Does the category of topological spaces with an action of a topological monoid admit coequalizers? Let $\mathsf{Top}$ be the category of topological spaces with continuous maps and let $T$ be a monoid in $\mathsf{Top}$. Let $f,g: M \to N$ be two parallel maps in $\mathsf{Top}_T$, the category of topological spaces with a continuous action of $T$.
I would like to know whether there exists the coequalizer of $(f,g)$ in $\mathsf{Top}_T$.
Let me sketch what I know.
The forgetful functor $U : \mathsf{Top}_T \to \mathsf{Set}_T$ has a right adjoint  (endow $T$-sets with the indiscrete topology), hence $U$ preserves colimits. In particular, if $\mathsf{Coeq}(f,g)$ exists in $\mathsf{Top}_T$, then it has to be the quotient of $N$ by the smallest equivalence relation containing $\{ (f(x),g(x)) \mid x \in X \}$ (that is, the coequalizer in $\mathsf{Set}_T$) endowed with a suitable topology.
Denote it by $Q$, with projection $q : N \to Q$.
If $T$ is core-compact, I know that $T \times - : \mathsf{Top} \to \mathsf{Top}$ preserves colimits (because it admits a right adjoint) and hence $(Q,q)$ with the quotient topology on $Q$ would be the coequalizer.
If $T$ is arbitrary, I thought I may consider the finest topology on $Q$ which also makes the $T$-action $T \times Q \to Q$ a continuous map (so, the finest in the quotient topology such that $T \times Q \to Q$ is continuous).

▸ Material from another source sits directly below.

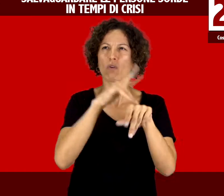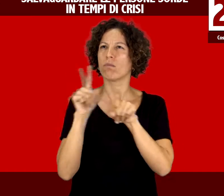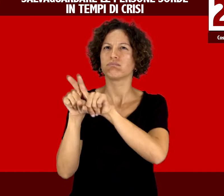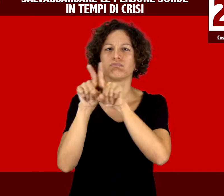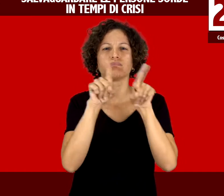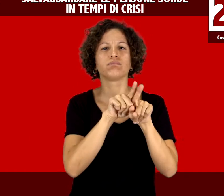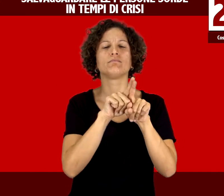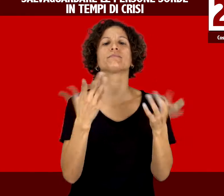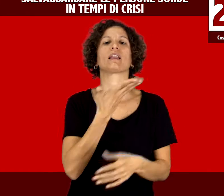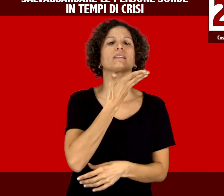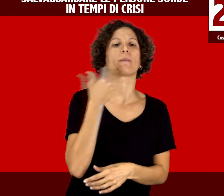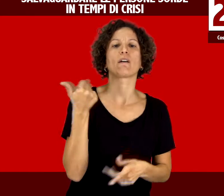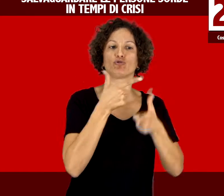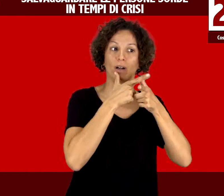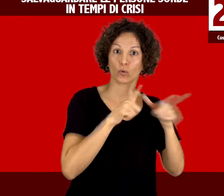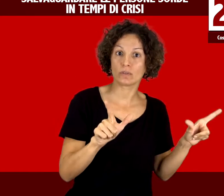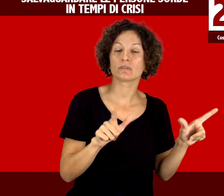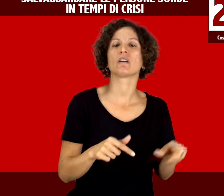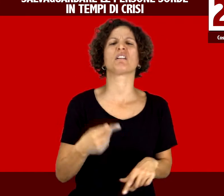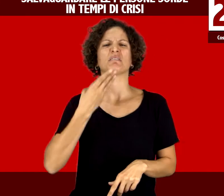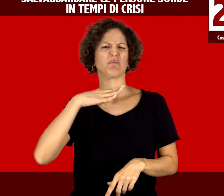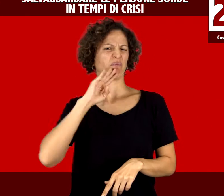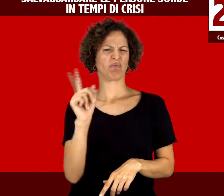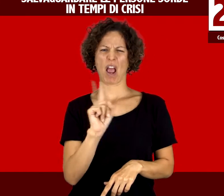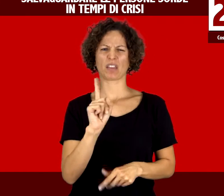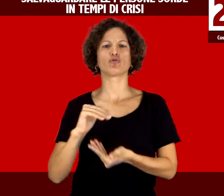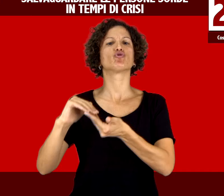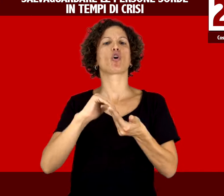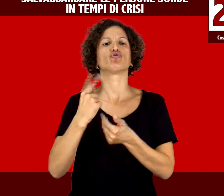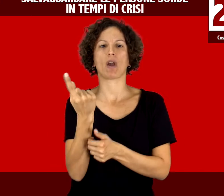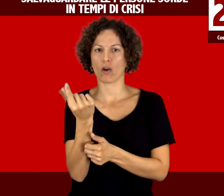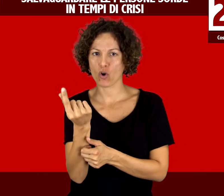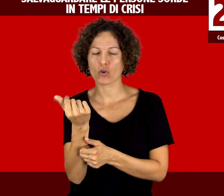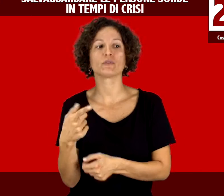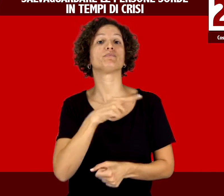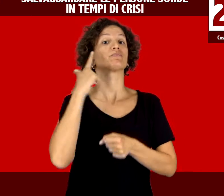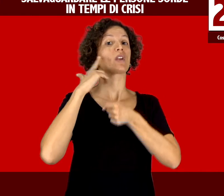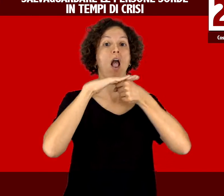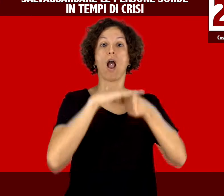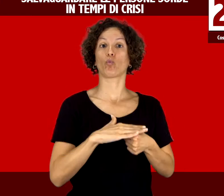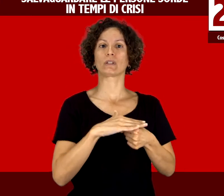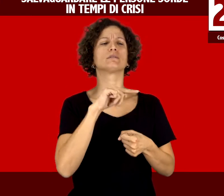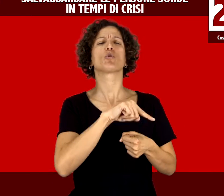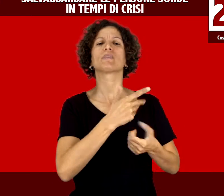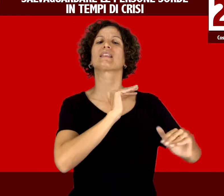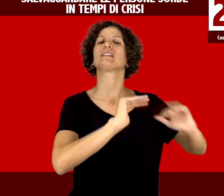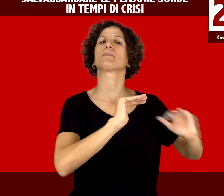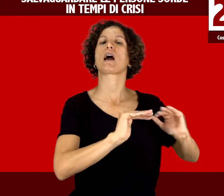-economici e audismo, ossia la discriminazione nei confronti delle persone sorde. Pensiamo all'emergenza sanitaria

However, I am stuck in proving that $(Q,q)$ with the latter topology on $Q$ is universal in $\mathsf{Top}_T$.
In particular, if $(C,c)$ is any test object in $\mathsf{Top}_T$ with $c \circ f = c \circ g$, then I am not able to prove that the unique map $\tilde{c} : Q \to C$ such that $\tilde{c} \circ q = c$, provided by the universal property of $(Q,q)$ in $\mathsf{Set}_T$, is continuous.
Does anybody have a suggestion?
Or does there exist a counter-example which shows that, in general, such coequalizer does not exist?
 A: Rather than trying to construct some specific concrete $T$-space that will be the coequalizer, you can instead just build a thing that manifestly has the universal property by cobbling together every possible candidate.  For instance, let $(C_i,c_i)_{i\in I}$ be a family of representatives of all the isomorphism classes of a $T$-space $C$ and a surjective morphism $c:N\to C$ that coequalizes $f$ and $g$.  The $c_i$ then combine to give a map $h:N\to\prod_i C_i$.  The coequalizer of $f$ and $g$ is then just the image of this map $h$, as a sub-$T$-space of the product $\prod_i C_i$.  The universal property is trivial to verify since every instance of it is witnessed by just taking the projection onto one of the factors in the product.
From a broader perspective, this construction is very similar to the proof of the general adjoint functor theorem, and indeed can be considered as a special case of it.  We are constructing the coequalizer by taking the limit of all possible candidate coequalizers, restricting ourselves to those where $c:N\to C$ is surjective to make sure that this limit is essentially small so we can be sure it exists.  More generally, if you have a category with all limits, then it is very nearly guaranteed to have all colimits as well, since you can construct the colimit of a diagram by taking the limit of all the cocones.  The only issue with this is that this is a priori a large limit that might not exist; this is where the "solution set" condition of the adjoint functor theorem comes in to reduce it to a small limit.  In practice, this solution set condition is almost always trivial to verify, and just amounts to saying that every cocone factors through one of bounded cardinality.